2025年6月1日の Wall Street Journal に「がん診断に直面していますか?運動と食事が違いを生むかもしれません」と言うタイトルの記事が掲載されていました。
記事のタイトルに「がん」という言葉があるので、緊張して記事を読みました。
がんと診断された患者が医師に最もよく尋ねる質問のひとつは、「自分でできることはありますか?」というものだそうです。
その答えとは―「運動」と「食事」とのこと。
運動量の増加と健康的な食事が健康に良いことは周知の事実ですが、がん患者の寿命や治療への反応を向上させる可能性があるとのこと。日頃からよく耳にする「健康の基本」こそが、がんとの闘いにおいても大きな力を持つ可能性があることが分かりました。
薬の副作用などに悩まされ、がんの治療を続けながら、どの程度、運動と食事にも力を注げるのかと思いましたが、この記事には、「現在利用可能な最良の治療法と同等」という専門家の力強いコメントが出ています。
今後の治療に採用できる具体的な運動・食事プログラムや、プロによる支援体制が、早く開発・確立されればよいなと思いました。
記事のポイントは以下の通りです。
・がん治療に「運動」を採用?
2025年5月にアメリカ・シカゴで開催された米国臨床腫瘍学会(ASCO)の年次総会では、驚くべき研究成果が発表されました。
10年以上かけて行われたこの臨床試験では、大腸がん患者を対象に、体系的な運動プログラムが治療後の再発や死亡リスクにどのような影響を与えるかが検証されました。

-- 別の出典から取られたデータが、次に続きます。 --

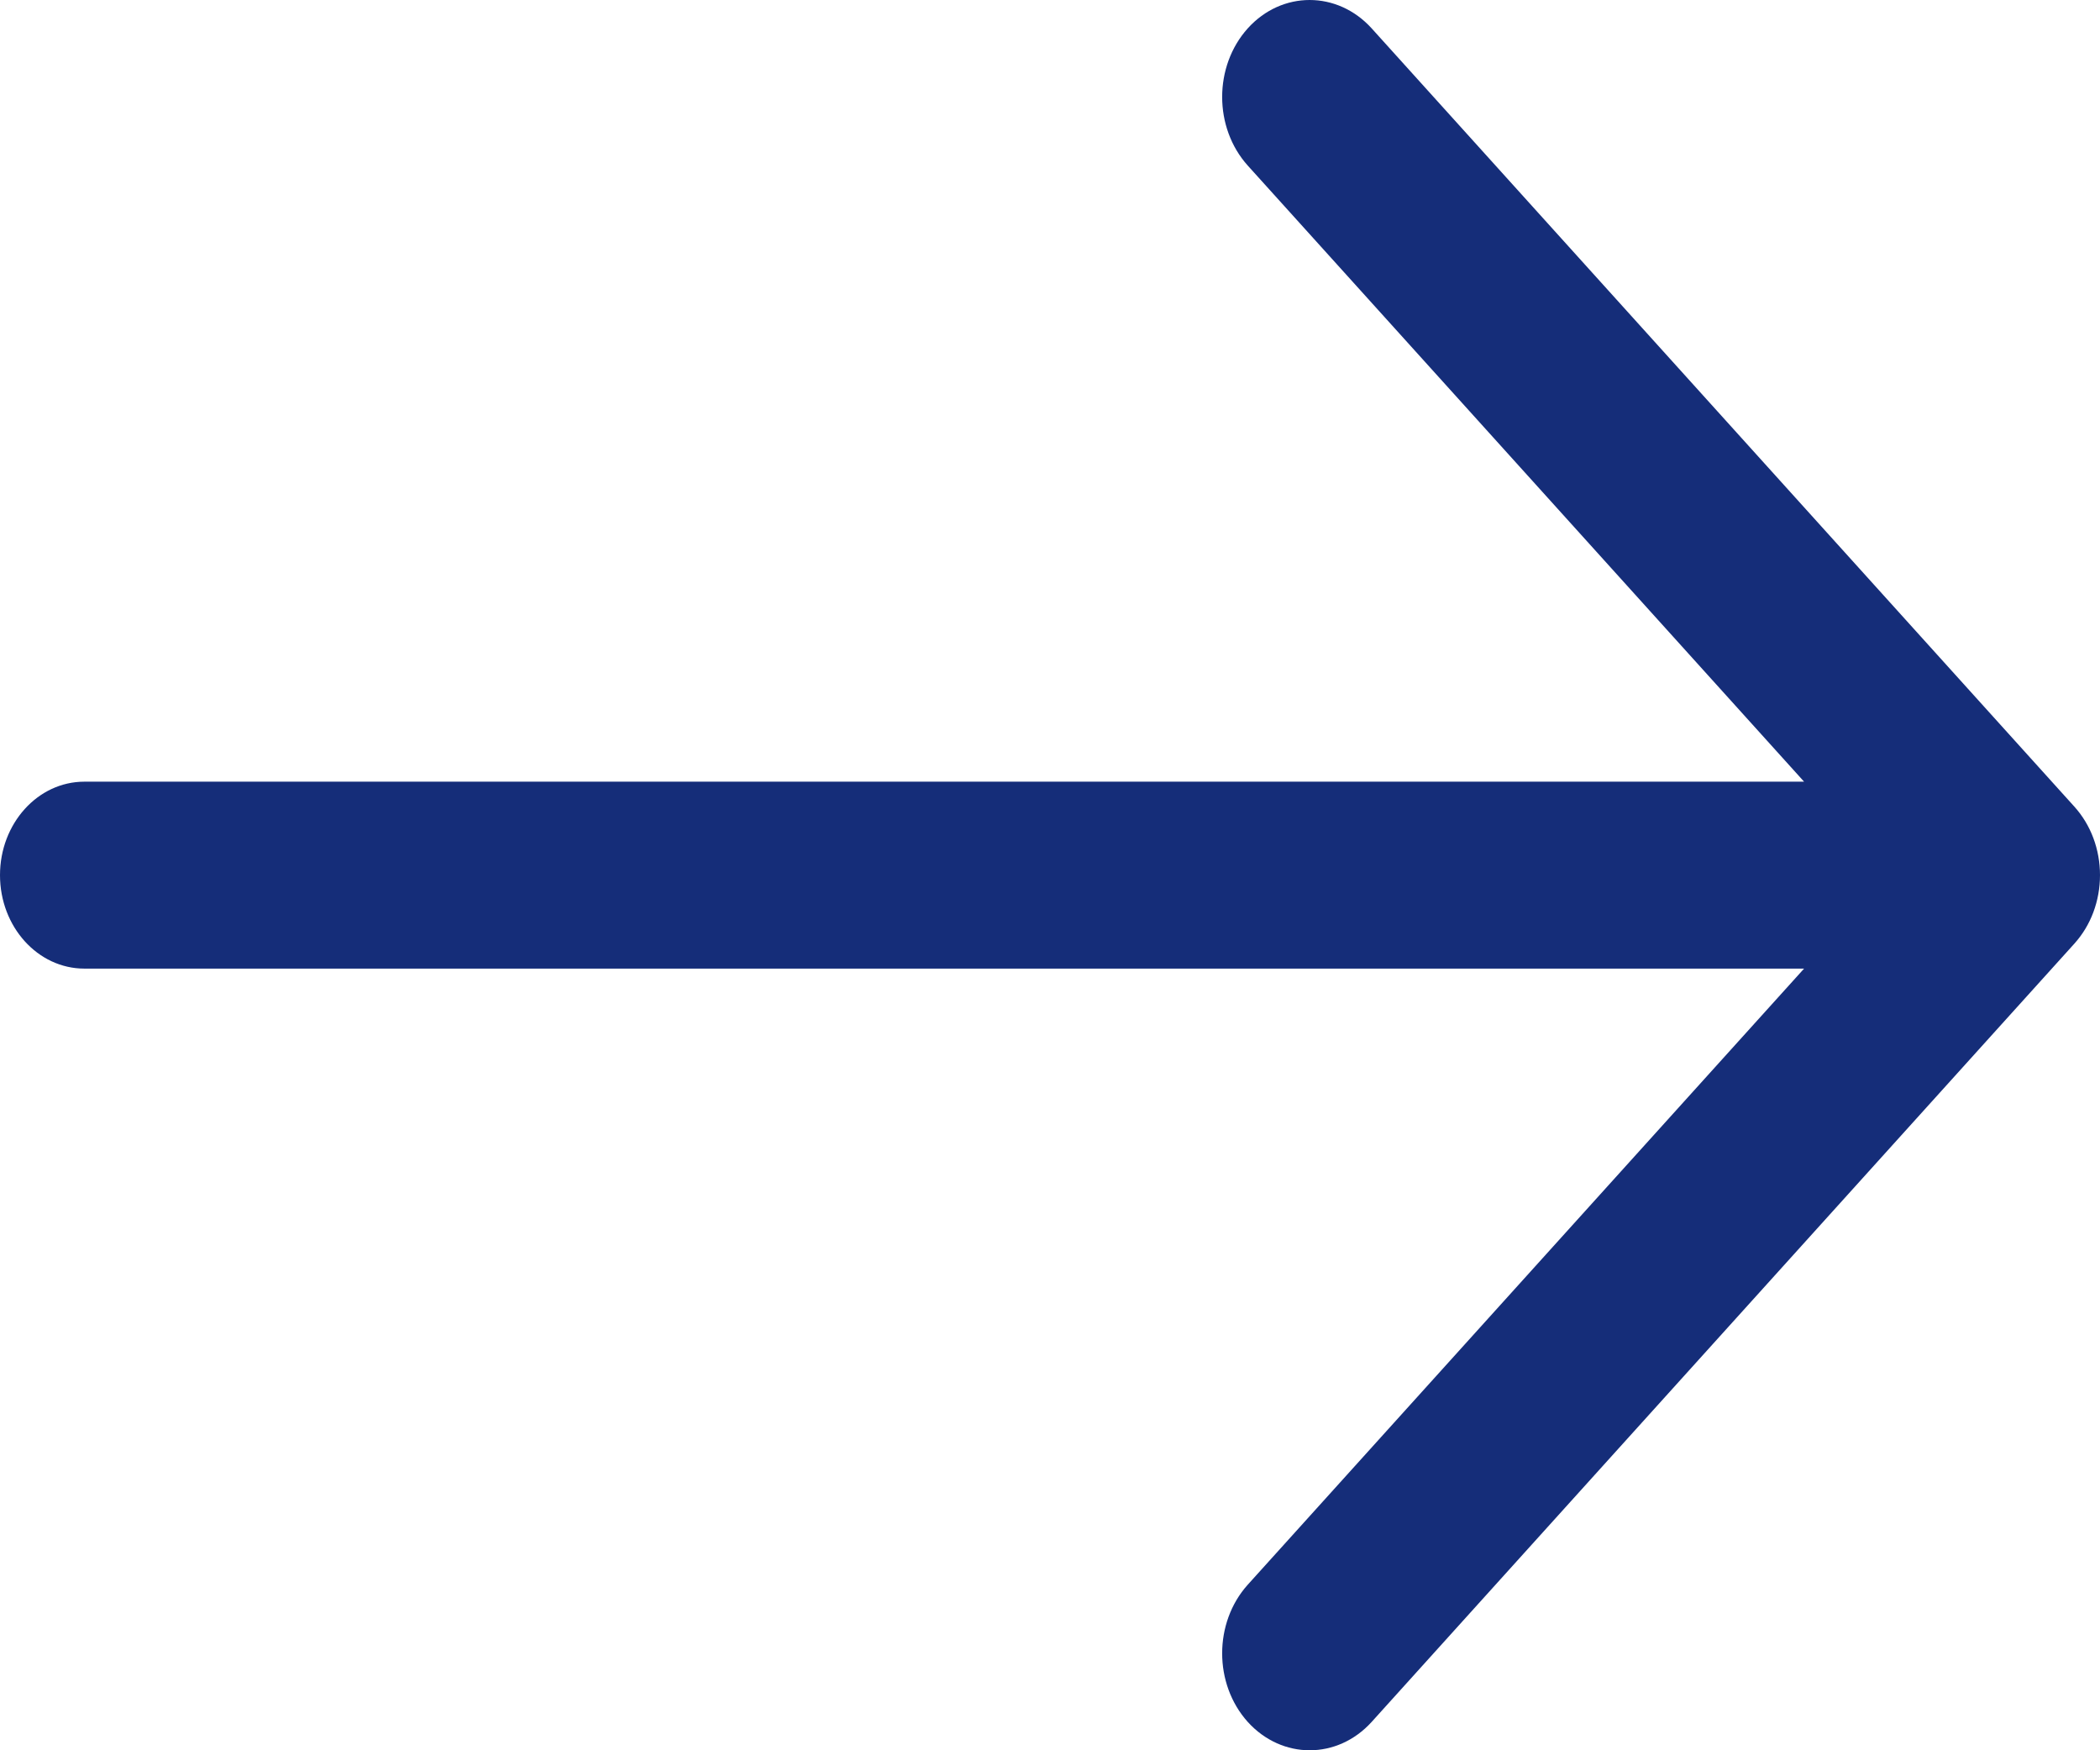 <svg width="12" height="10" viewBox="0 0 12 10" fill="none" xmlns="http://www.w3.org/2000/svg">
<path d="M11.853 4.608L7.838 0.162C7.642 -0.054 7.325 -0.054 7.13 0.162C6.935 0.379 6.935 0.729 7.13 0.946L10.309 4.466H0.482C0.216 4.466 0 4.705 0 5C0 5.295 0.216 5.534 0.482 5.534H10.309L7.13 9.054C6.935 9.271 6.935 9.621 7.13 9.838C7.228 9.946 7.356 10 7.484 10C7.612 10 7.74 9.946 7.838 9.838L11.853 5.392C11.9 5.34 11.937 5.279 11.962 5.212C11.987 5.145 12 5.073 12 5C12 4.927 11.987 4.855 11.962 4.788C11.937 4.721 11.9 4.66 11.853 4.608Z" fill="#152d79"/>
</svg>

その結果、運動プログラムに参加した患者は、参加しなかったグループと比較して8年後の死亡リスクが37%も低下。再発や新たながんの発症リスクも28%下がったと報告されています。
研究に関わっていない専門家も「現在利用可能な最良の治療法と同等」とコメントしており、生活習慣の見直しが大きなインパクトを与えることが分かりました。
・「炎症を促す食事」が生存率を左右する?
同じく会議で発表された別の研究では、「炎症を促進する食事」が大腸がん患者の生存率を低下させることが示されました。炎症性の高い食事とは、加工肉、精製された穀物、砂糖の多い飲料など。
一方、葉物野菜やコーヒー・紅茶といった抗炎症作用のある食品を多く摂る人では、生存率が高くなる傾向が見られました。また、皮膚がん(メラノーマ)の患者を対象とした別の試験では、高繊維食を摂取したグループの方が、免疫療法への反応が高いという結果も出ています。
・基本が大事だが、続けるにはサポートが必要
がんの治療が進歩する中で、生存期間の延長だけでなく、患者の生活の質(QOL)をどう維持・向上させるかが重要な課題になっています。「運動をする」「野菜を食べる」と言うのは簡単でも、実行して継続するのは容易ではありません。
研究に参加した患者は、「パーソナルコーチがついてくれたからこそ、散歩を習慣にできた」と語っています。医師や栄養士による支援体制の充実は、患者が前向きに生活習慣を整えるために欠かせない要素です。